These bodies aren’t exactly known for their cultural or racial sensitivity. But they should do better.
I think Will Smith is a fuxking dumbass. But if it was Sean Penn or Johnny Depp people would have been throwing around the word irascible, with a ‘knowing’ smile and a slight shake of the head. And Amy Schumer for damn sure wouldn’t be talking about how ‘upsetting’ it was if it was a white dude. Trust.
Furthermore, what in the world is a ‘hip hop fashion designer’?
How we trying to reduce an entire genre, one of the most prevalent and wide-reaching in the world, to a single aesthetic?
Like, do we honestly see an aesthetic connection that coalesces across hip hop?
Rick Ross dresses like a Russian oligarch’s misstresses sofa. Vince Staples dresses like an Old Navy collab with the Ramona Park public school system. Thugga so avant-garde that Jean Charles de Castelbajac seems…reserved.
Let alone G Dragon or Verbal. Neither of whom are Capone N Noreaga hip hop, but both of whom are definitely hip hop.
Pharrell doing Channel collections. Verdy doing skate kicks that look like Fragment does Fredericks of Hollywood. And G-Eazy look like a high school kid at the Mall of the Americas going through a cholo phase.
You can’t parse this in that manner. It’s just silly.
Pyrex Vision was definitely scammer-friendly aesthetics before that was a thing. OW was avant-street in a way that only Tokyo was doing until Virgil recontextualized. He had a Masters in Architecture from IIT. One of the world’s best programmes. On a campus, by the by, entirely designed by Mies van der Rohe, and considered one of the foremost examples of the post-Bauhaus International style of architecture.
Virgil was feted by the hip hop world, to be sure. But also by architects, industrial designers, fashion designers, philosophers, and the global creative world at large.
Imagine being the Artistic Director of Louis Vuitton. With a holding deal to collaborate with literally every single LVMH brand (LVMH, broadly speaking, translates to ‘if you can’t afford it we prolly make it’). A man with co-signs from Mercedes Benz, Evian, Moët et Chandon, Takashi Murakami, et al ad nauseum. And being called a fuxking hip hop designer.
Of course this is just blanket reductivist racism. Of. Fucking. Course. It. Is.
Shayne Oliver might be the single most avant-garde outre fashion designer on earth (yeah I know there’s literally hundreds of candidates for that title), but I’ve heard him described as a hip hop designer dozens of times. Cause Arca hood af right?
Kim Jones is the Creative Director at Dior Homme, and the Artistic Director at Fendi, for women’s collections.
But, to my mind, he’s much more dialled in/inspired by hip hop than Virgil ever was. I’ve had rather enthusiastic discussions with Virgil about the furniture of Borge Mogensen and about Magritte’s early stage Dadaism (Ceci n’est pas un pipe-era). But never did Big L versus OC come up.

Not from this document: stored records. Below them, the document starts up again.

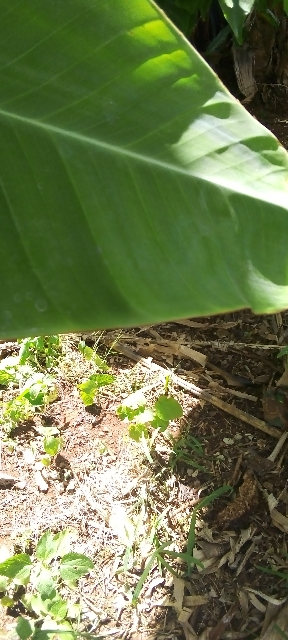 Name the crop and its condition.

banana, healthy
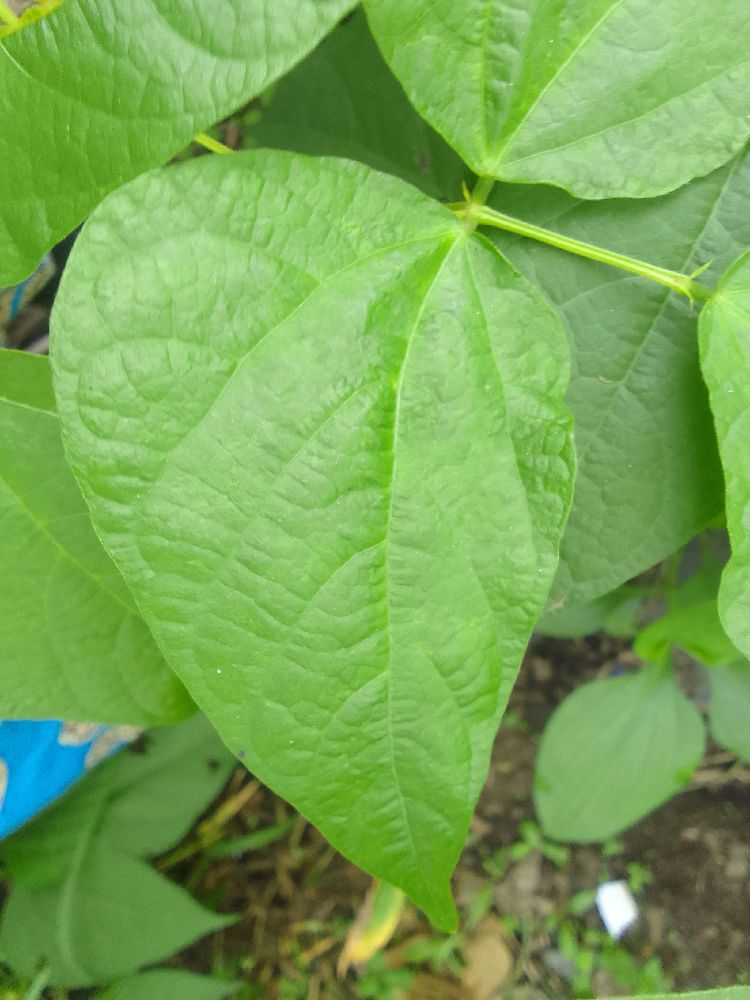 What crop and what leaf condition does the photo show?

common bean, healthy
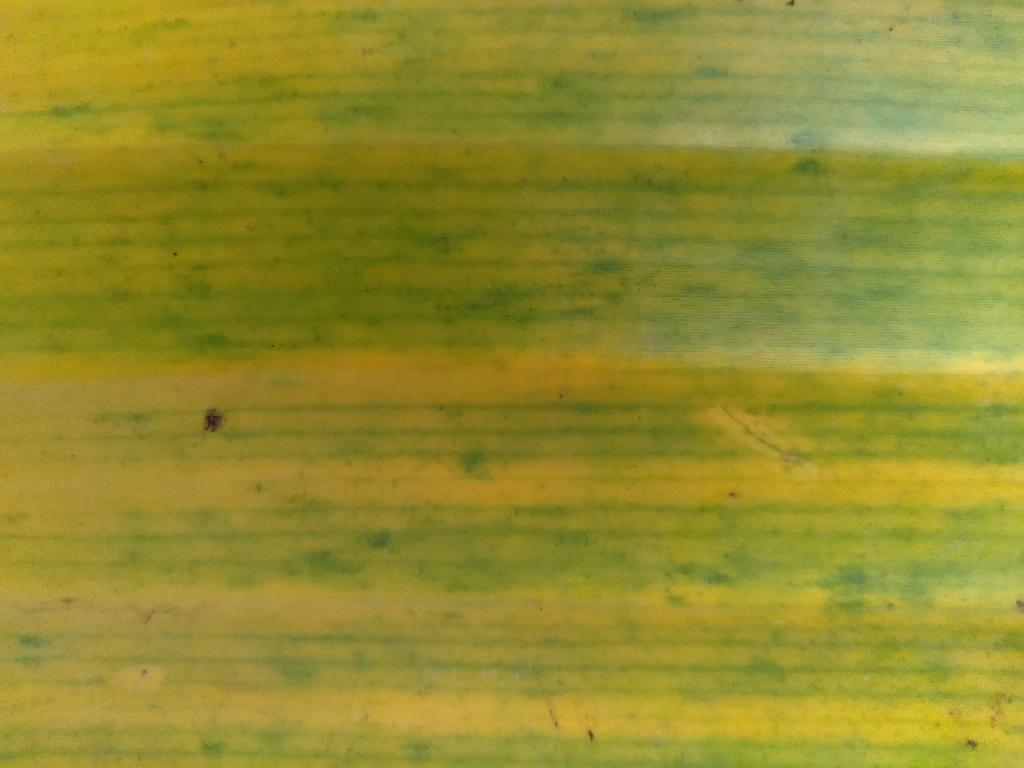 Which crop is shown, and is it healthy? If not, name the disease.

banana, fusarium wilt race 1
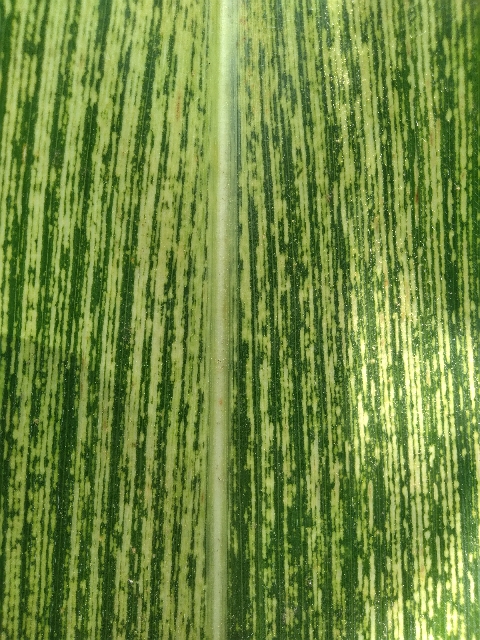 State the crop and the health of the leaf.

maize, maize streak virus

Kim, on the other hand, has and always will be monstrously fidel to hip hop/skate aesthetics. He pushed for the ‘preme collaboration hard while he was artistic director at LV menswear. His collaboration choices at DH have perpetually disappointed me, in that they promulgate cats who already have major platforms on their own, but you see his love of the culture when he taps someone like Kaws or Yoon. That same time frame Virgil was pushing Playlab’s graphic design experiments and Family’s architectural works. DongPing and Iona are monstrously talented. So is Archie Coates. But they don’t skew hip hop.
So is this melanin-related? Of course it fuxking is.

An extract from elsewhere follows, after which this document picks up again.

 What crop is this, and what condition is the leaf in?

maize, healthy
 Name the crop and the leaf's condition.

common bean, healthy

Marshall McLuhan said that the ‘medium is the message’. Despite the extraordinary prescience of that statement at that time, it no longer holds water.
Today, the metier is borderline medium-agnostic, and the message is the message.
That was a man who shouted at the rain, because he genuinely believed that amplification was, in and of itself, its own reward.
Rest in Power. Fuxk what you heard.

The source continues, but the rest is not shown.